An exact copy of the records below is needed, with every picture left out.
----------
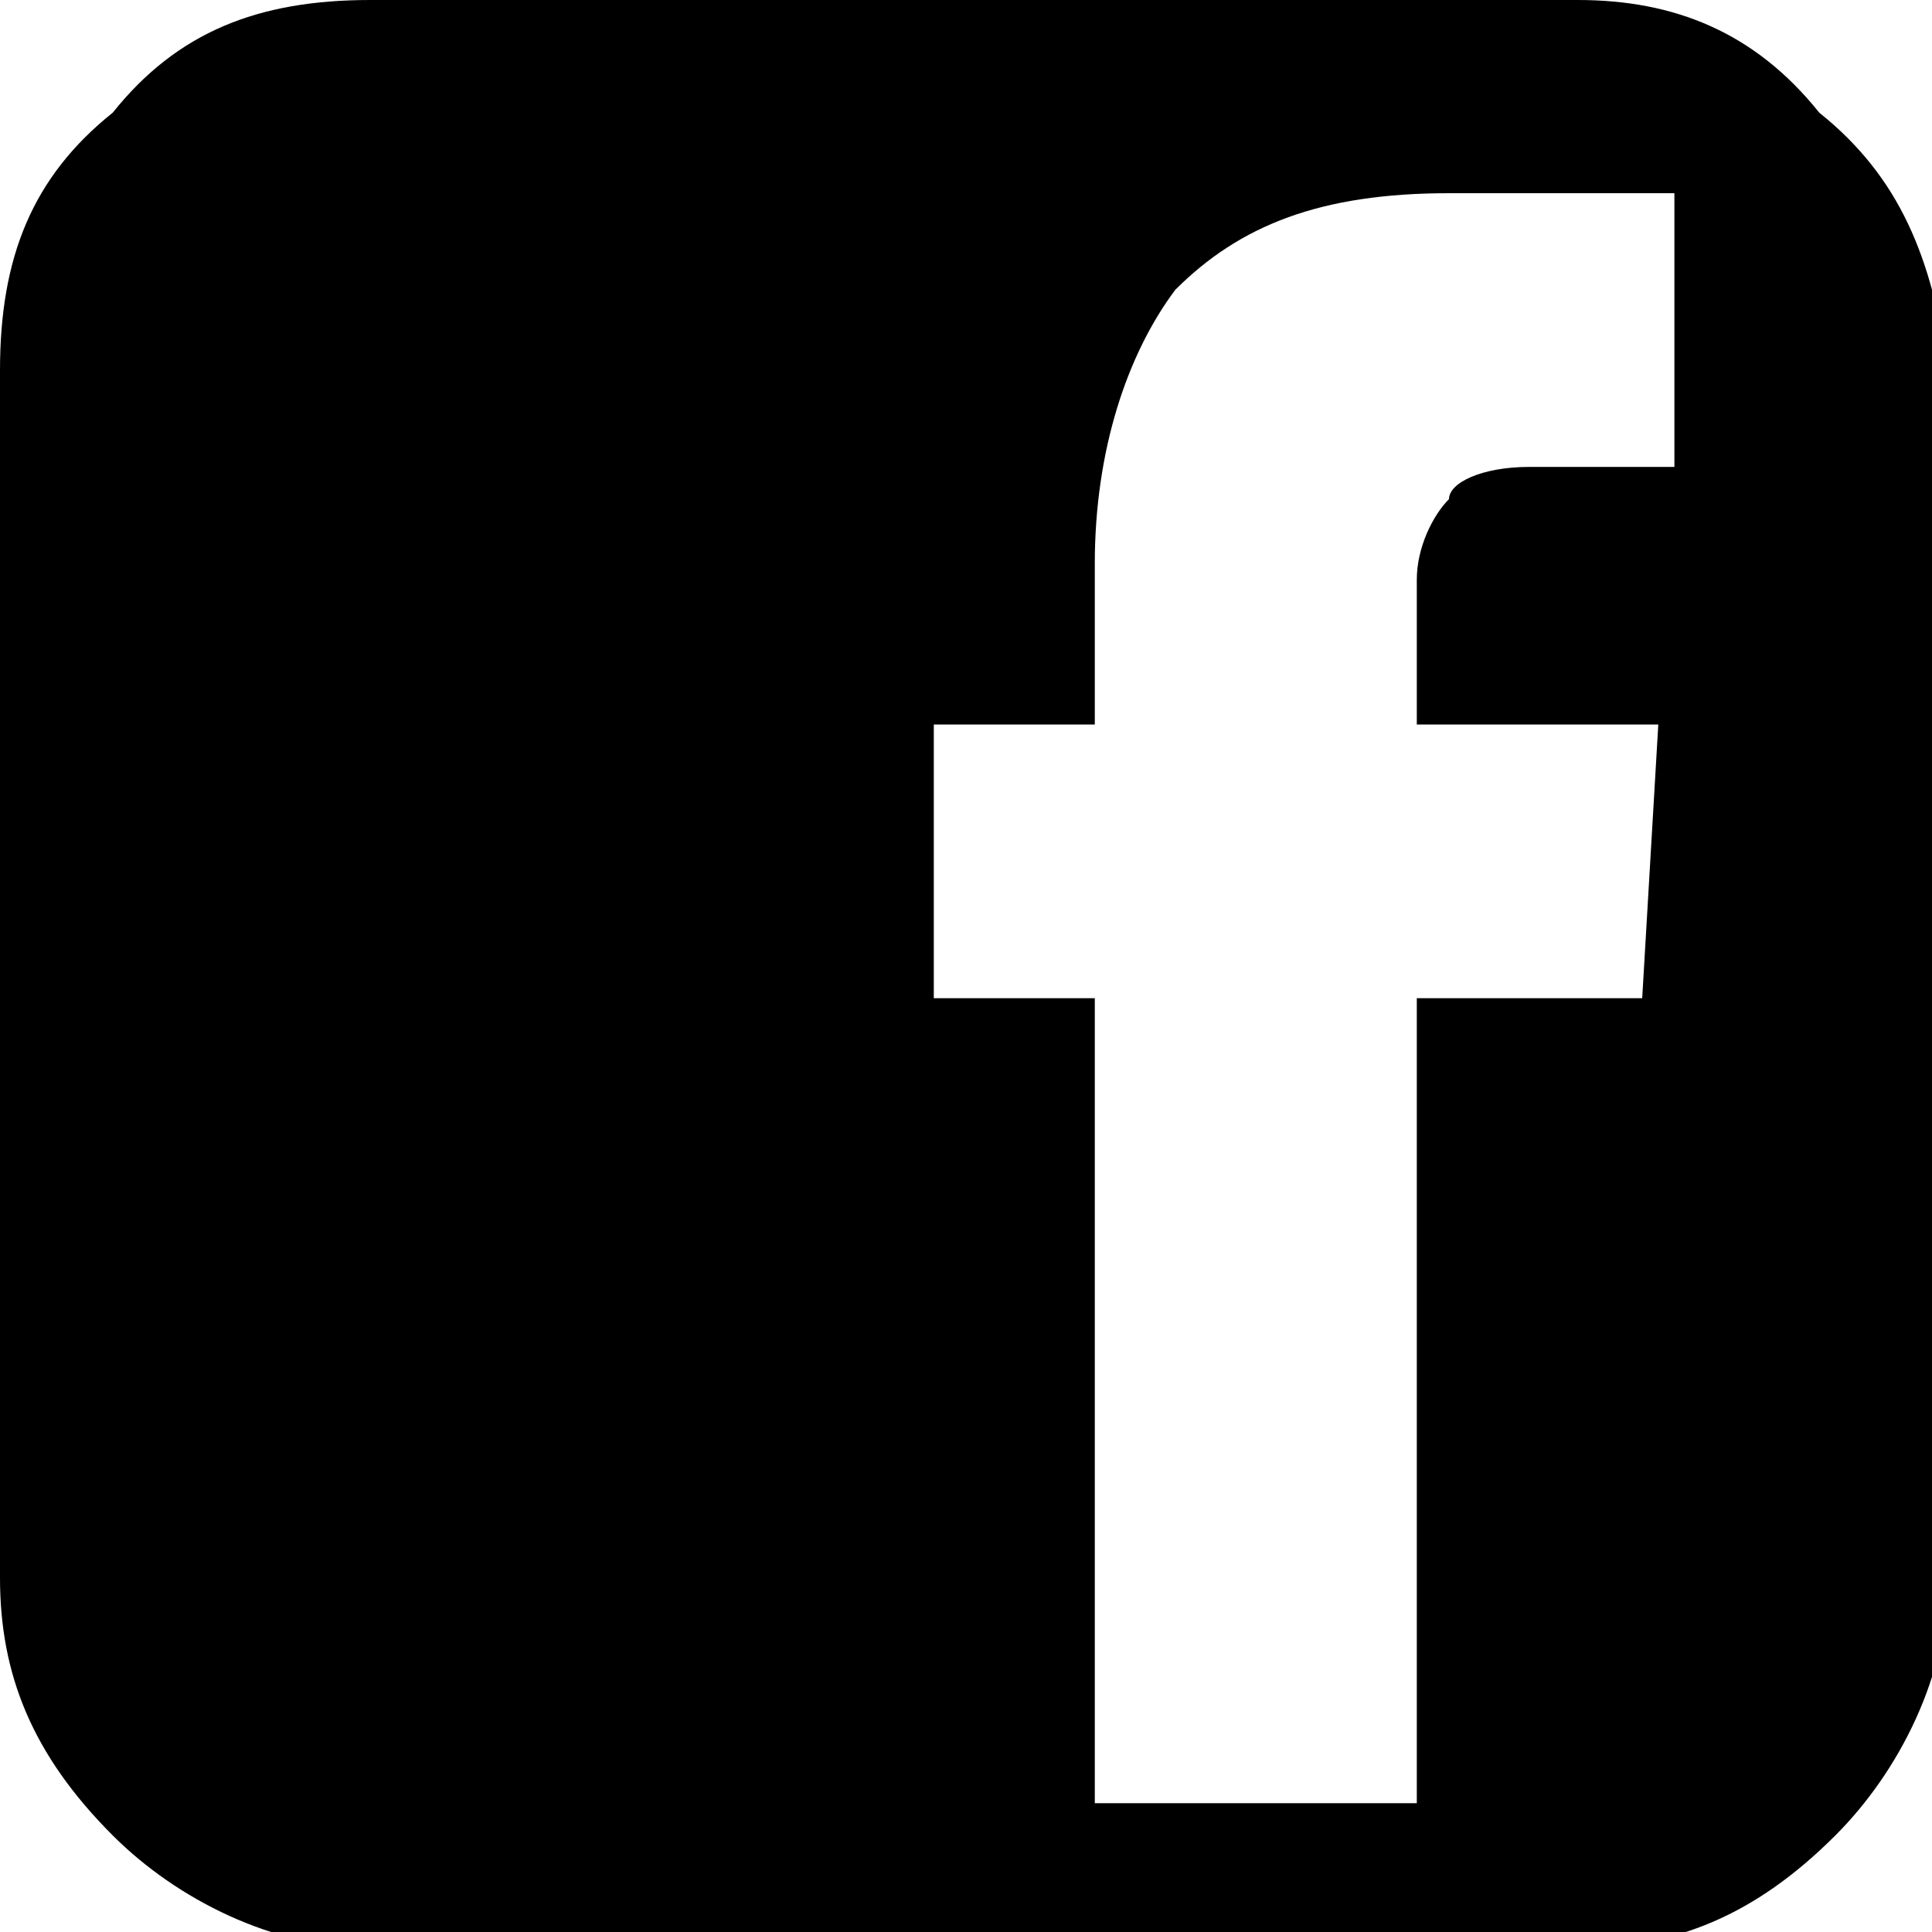 <?xml version="1.0" encoding="utf-8"?>
<!-- Generator: Adobe Illustrator 19.2.1, SVG Export Plug-In . SVG Version: 6.00 Build 0)  -->
<svg version="1.1" id="Capa_1" xmlns="http://www.w3.org/2000/svg" xmlns:xlink="http://www.w3.org/1999/xlink" x="0px" y="0px"
	 viewBox="0 0 12 12" style="enable-background:new 0 0 12 12;" xml:space="preserve">
<g>
	<path d="M11.3,0.7C10.9,0.2,10.4,0,9.8,0H2.3C1.6,0,1.1,0.2,0.7,0.7C0.2,1.1,0,1.6,0,2.3v7.5c0,0.6,0.2,1.1,0.7,1.6
		c0.4,0.4,1,0.7,1.6,0.7h7.5c0.6,0,1.1-0.2,1.6-0.7c0.4-0.4,0.7-1,0.7-1.6V2.3C12,1.6,11.8,1.1,11.3,0.7z M10.2,6.2H8.8v5h-2v-5h-1
		V4.5h1v-1c0-0.7,0.2-1.3,0.5-1.7C7.7,1.4,8.2,1.2,9,1.2h1.4v1.7H9.5C9.2,2.9,9,3,9,3.1C8.9,3.2,8.8,3.4,8.8,3.6v0.9h1.5L10.2,6.2z"
		/>
</g>
</svg>
----------
§ Response for this exercise:
 <?xml version="1.0" encoding="utf-8"?>
<!-- Generator: Adobe Illustrator 19.2.1, SVG Export Plug-In . SVG Version: 6.00 Build 0)  -->
<svg version="1.1" id="Capa_1" xmlns="http://www.w3.org/2000/svg" xmlns:xlink="http://www.w3.org/1999/xlink" x="0px" y="0px"
	 viewBox="0 0 12 12" style="enable-background:new 0 0 12 12;" xml:space="preserve">
<g>
	<path d="M11.3,0.7C10.9,0.2,10.4,0,9.8,0H2.3C1.6,0,1.1,0.2,0.7,0.7C0.2,1.1,0,1.6,0,2.3v7.5c0,0.6,0.2,1.1,0.7,1.6
		c0.4,0.4,1,0.7,1.6,0.7h7.5c0.6,0,1.1-0.2,1.6-0.7c0.4-0.4,0.7-1,0.7-1.6V2.3C12,1.6,11.8,1.1,11.3,0.7z M10.2,6.2H8.8v5h-2v-5h-1
		V4.5h1v-1c0-0.7,0.2-1.3,0.5-1.7C7.7,1.4,8.2,1.2,9,1.2h1.4v1.7H9.5C9.2,2.9,9,3,9,3.1C8.9,3.2,8.8,3.4,8.8,3.6v0.9h1.5L10.2,6.2z"
		/>
</g>
</svg>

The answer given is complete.